While we are talking about object oriented programming in Python, here are a few of the hidden things you can do in Python that will make your lives much easier.

class page(object):
	def __init__(self, words):
		self.words = words
	
	def __len__(self):
		return len(self.words)
	
	def print_page(self):
		print(self.words)

class book(object):
	
	def __init__(self, pages):
		self.pages = []
		for p in pages:
			self.pages.append( page(p) )
  
  def __len__(self):
			return len(self.pages)
	
	def __getitem__(self, pagenum):
		return self.pages[pagenum]
	
	def __setitem__(self, pagenum, value):
		self.pages[pagenum] = value
	
	def print_book(self, begin=0, end=None):
		for book_page in self.pages[begin:end]:
			book_page.print_page()

if __name__ == "__main__":
	p = page('Hello')
	print('Printing page:')
	p.print_page()

	b = book(['I am Sam.', 'Sam I am.', 'Do you like green eggs and ham?', 'The End' ])
	print('\nPrinting book:')
	b.print_book()
	print()
	b[2].print_page()

Learning Numpy

>>> import numpy as np
>>> a = np.array([1,2,3])
>>> b = np.array([3,4,5])
>>> a*b
array([3,8,15])
>>> a.dot(b)
26
>>> np.cross(a,b)
array([-2, 4, -2])

Here I created two vectors and was able to perform basic linear algebra functions on them.

>>> import numpy as np
>>> a = np.matrix( [[1, 2],
                    [-1, 4]] )
>>> a.shape
(2, 2)
>>> print(a.T)
matrix(	[[1, -4],
         [ 2, 4]])
>>> a.I
matrix(	[[0.66666667, -0.3333333],
         [0.16666667, 0.16666667]])

The NumPy module is very powerful.
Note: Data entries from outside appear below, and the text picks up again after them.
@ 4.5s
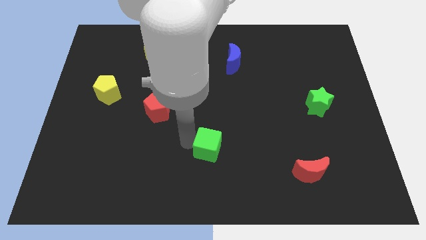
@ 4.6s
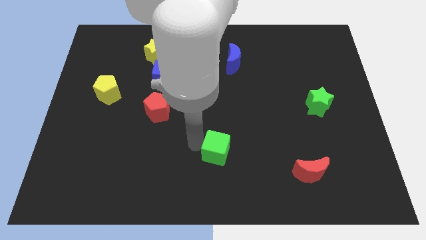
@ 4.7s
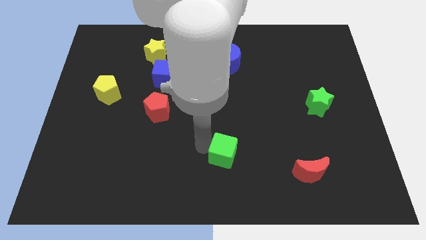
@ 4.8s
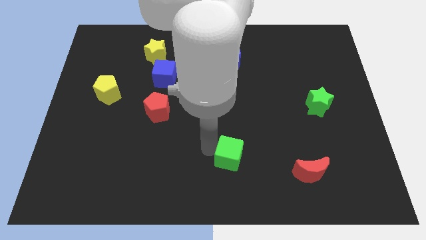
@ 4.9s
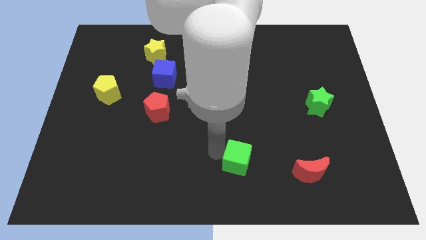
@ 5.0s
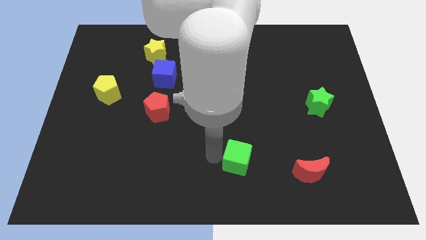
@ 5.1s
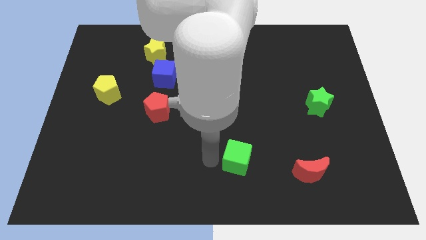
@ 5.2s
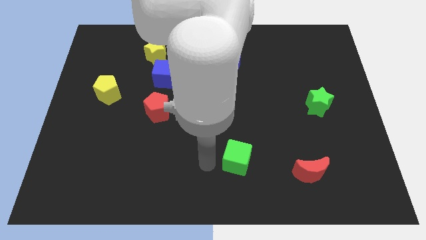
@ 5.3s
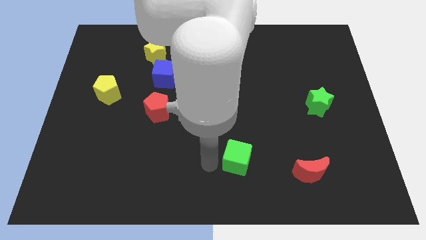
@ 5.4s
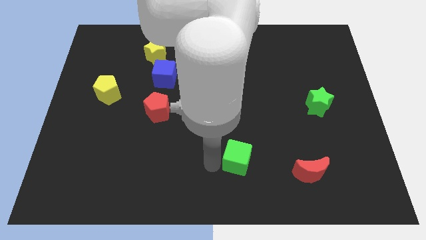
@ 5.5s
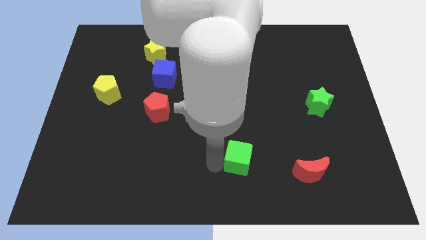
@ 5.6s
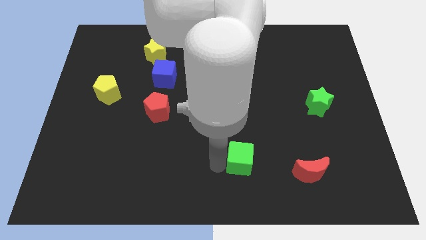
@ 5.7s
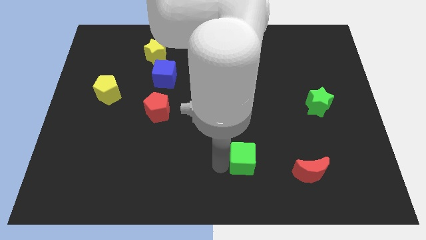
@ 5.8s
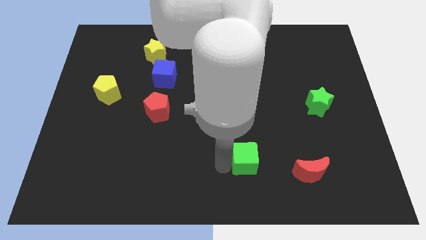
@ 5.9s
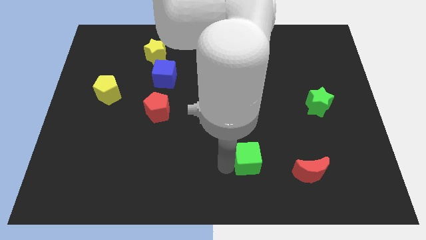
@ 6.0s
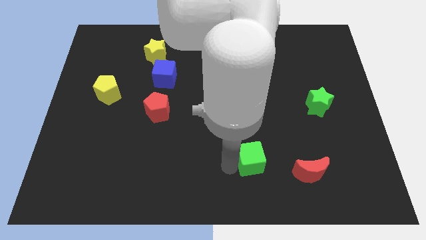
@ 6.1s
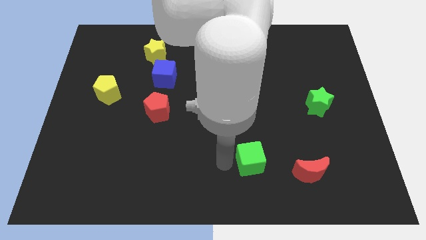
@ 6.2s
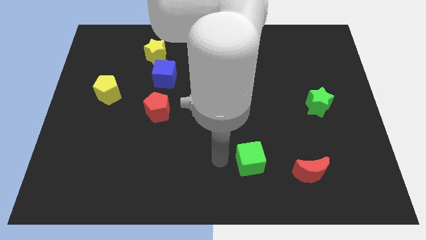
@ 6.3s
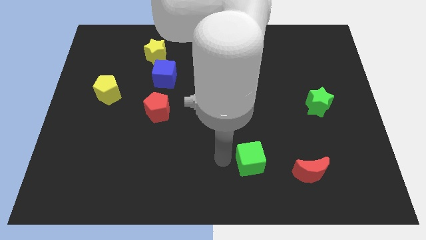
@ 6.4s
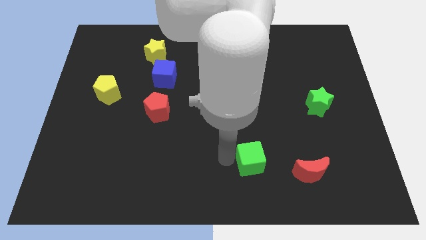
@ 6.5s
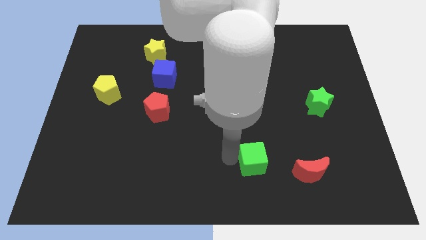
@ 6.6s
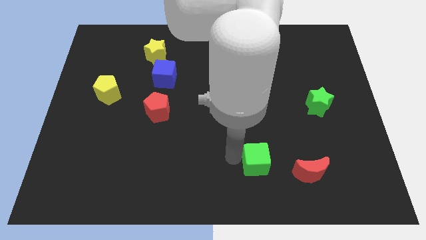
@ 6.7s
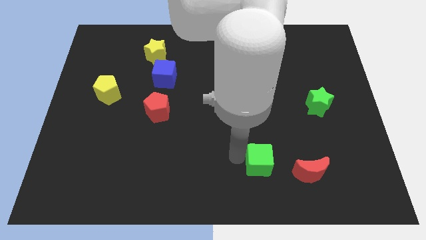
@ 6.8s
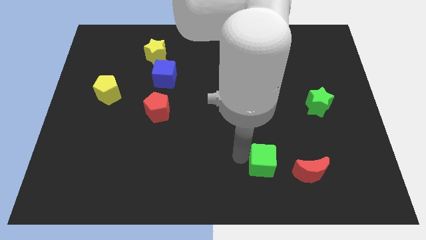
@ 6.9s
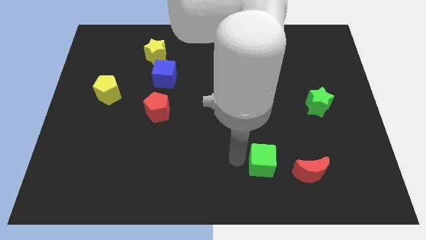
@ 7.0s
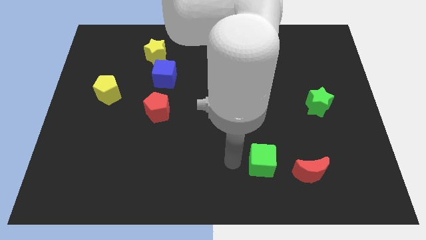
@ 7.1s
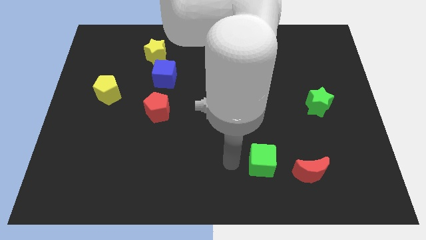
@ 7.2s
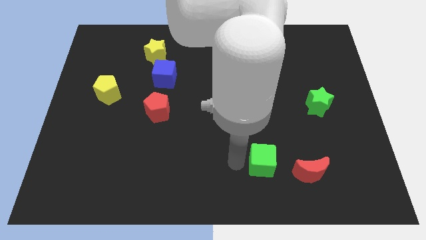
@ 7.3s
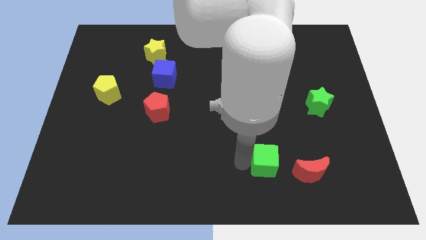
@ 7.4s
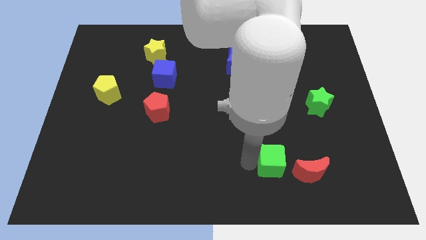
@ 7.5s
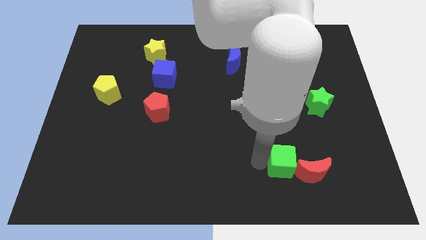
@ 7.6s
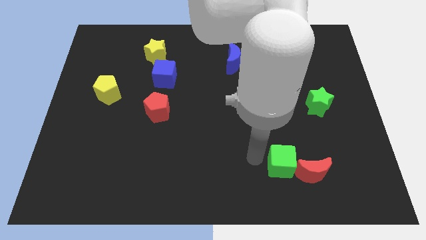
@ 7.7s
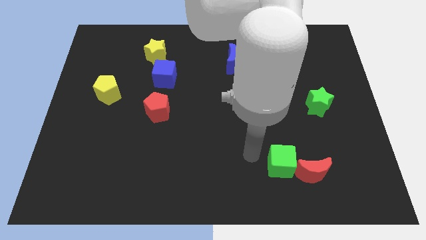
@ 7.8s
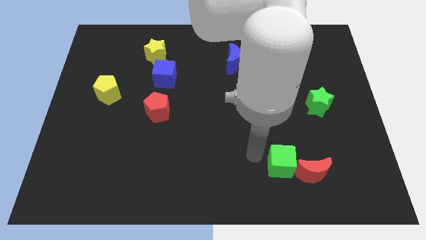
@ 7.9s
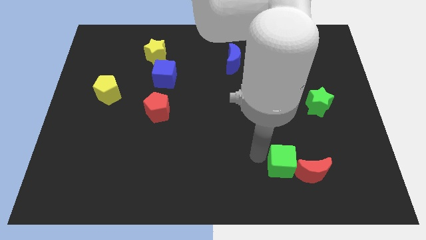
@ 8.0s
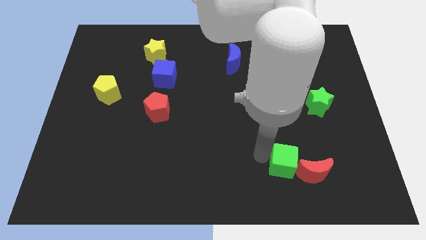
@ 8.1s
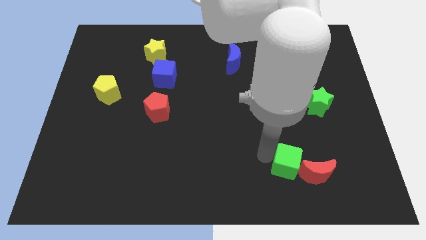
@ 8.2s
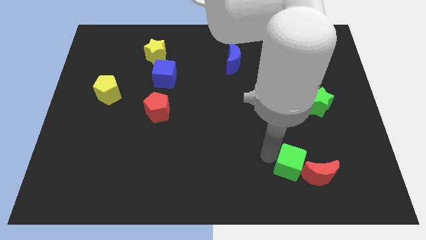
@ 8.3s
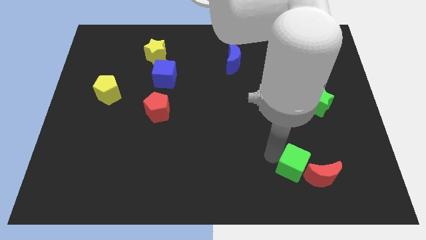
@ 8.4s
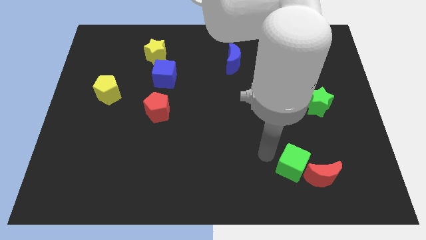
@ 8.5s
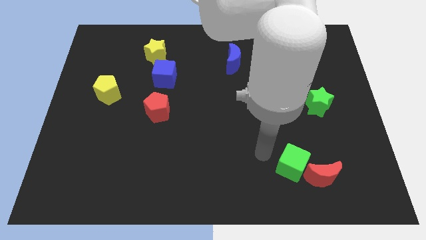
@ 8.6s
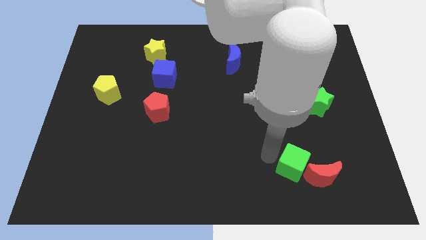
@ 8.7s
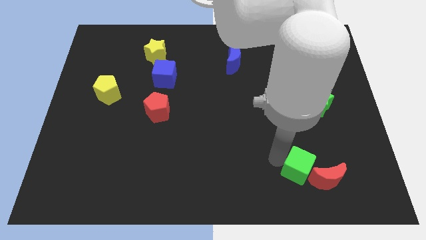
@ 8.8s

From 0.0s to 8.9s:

Even more advanced features are available in SciPy and I would highly recommend looking into it. Here are a few

>>> import numpy as np
>>> from scipy import linalg
>>> a = np.array( [[1, 2],
                   [-1, 4]] )
>>> a.shape
(2, 2)
>>> a.T
array(	[[1, -4],
         [ 2, 4]])
>>> linalg.inv(a)
array(	[[0.66666667, -0.3333333],
         [0.16666667, 0.16666667]])
>>> linalg.eig(a)
(array([ 2.,  3.]),
 array([[-0.89442719, -0.70710678],
        [-0.4472136 , -0.70710678]]))

Code Formatting

In general, all code should be formatted as follows.

  • Tab = 4 spaces (in your .vimrc type set expandtab)
  • Wrap all line at 79 characters
  • Place a space on each side of the following: =, +, *, /
  • Use a space after every comma
  • Two newlines before and after every function (unless in a class, then use only one)

If you get bored I would highly recommend reading through PEP 8, the Python style guideline. If nothing else it will motivate you to get back to work (or have a nice nap).